The New Delhi Bench of the Income Tax Appellate Tribunal ( ITAT ) ruled that “Live Rights” are not “copyright”, any payments made are not taxable as royalty.

The question before the Tribunal is as to, whether the right to broadcast “Live events” is not “copyright” and payment made there to is “Royalty” under section 9(1)(vi) or not?

The assessee has deducted tax at source under Section 195 of the Income Tax Act, 1961 on the payment remitted in lieu of acquisition of “Non-Live Rights” considering the same to be “Royalty” under Section 9(1)(vi) of the Income Tax Act chargeable to tax in the hands of the non-resident overseas rights holder in India. The assessee has not deducted any tax at source under Section 195 on the payment made for “Live Rights”.

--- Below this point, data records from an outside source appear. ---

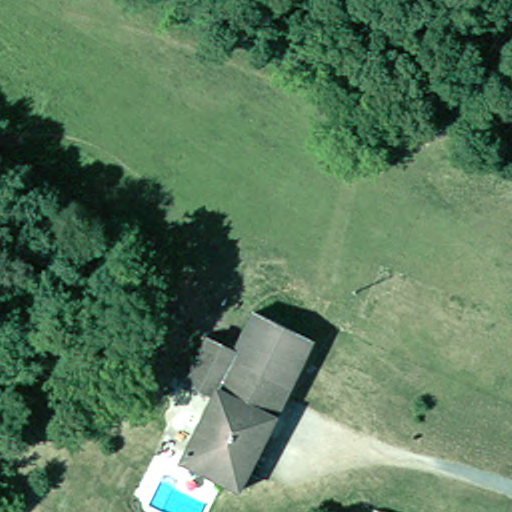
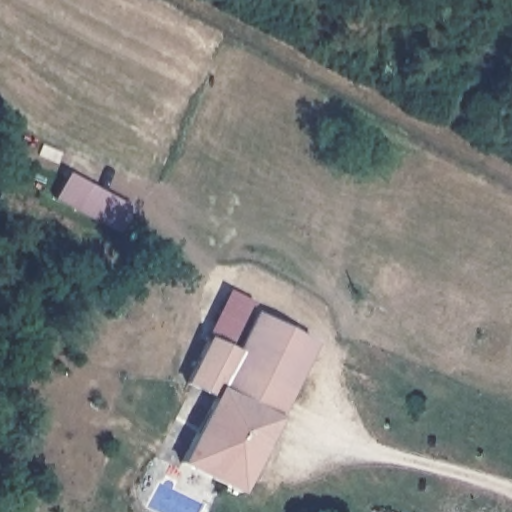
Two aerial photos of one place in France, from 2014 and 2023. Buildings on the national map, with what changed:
new [(132,206),(119,232),(53,198),(67,172),(132,206)]
new [(204,334),(227,289),(250,299),(247,307),(230,349),(204,334)]
unchanged [(242,488),(178,456),(207,389),(182,379),(197,330),(230,349),(247,307),(312,343),(242,488)]

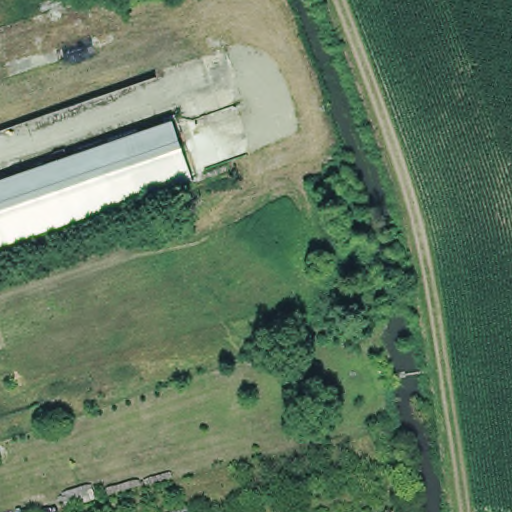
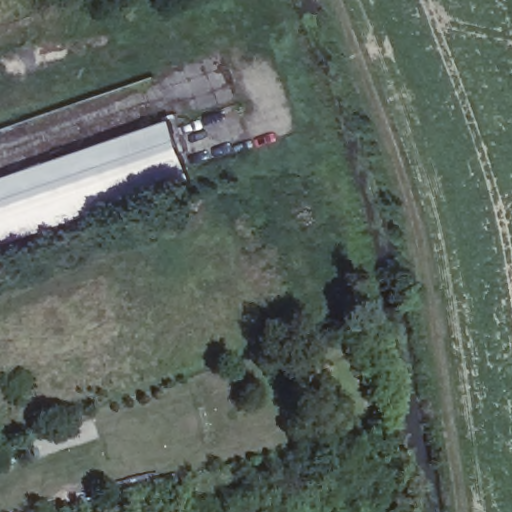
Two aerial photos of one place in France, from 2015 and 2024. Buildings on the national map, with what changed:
unchanged [(171,120),(191,179),(0,244),(0,179),(171,120)]

The CIT(A) passed the order under Section 201 of the Income Tax Act by observing that the payment for “Live Rights” is chargeable to tax as “Royalty” in the hands of the non-resident overseas rights holder warranting withholding of tax under Section 195 of the Income Tax Act. Aggrieved, the assessee filed appeal before the Tribunal.

A Two-Member Bench comprising Saktijit Dey, Vice President and Dr. B. R. R. Kumar, Accountant Member observed that “We hold that broadcasting “Live events” does not amount to a work in which copyright subsists, meaning thereby right to broadcast live events i.e ., “Live Rights” , is not “copyright” and therefore any payment made thereto can’t be said to be chargeable to tax as royalty under Section 9(1)(vi).”

“We find that the payments in dispute are made to overseas rights holder. The said payments are neither made to any satellite operators nor for use of any satellite. Thus, the payments in dispute are not made for use of any “process” as defined under Section 9(1)(vi) of the Act and can’t be charged to tax as “Royalty” in the hands of the overseas rights holders. Accordingly, we hold that the AO while passing the order under Section 201 of the Ac t has erred in law by treating the remittances to have been made for use of a “Process”.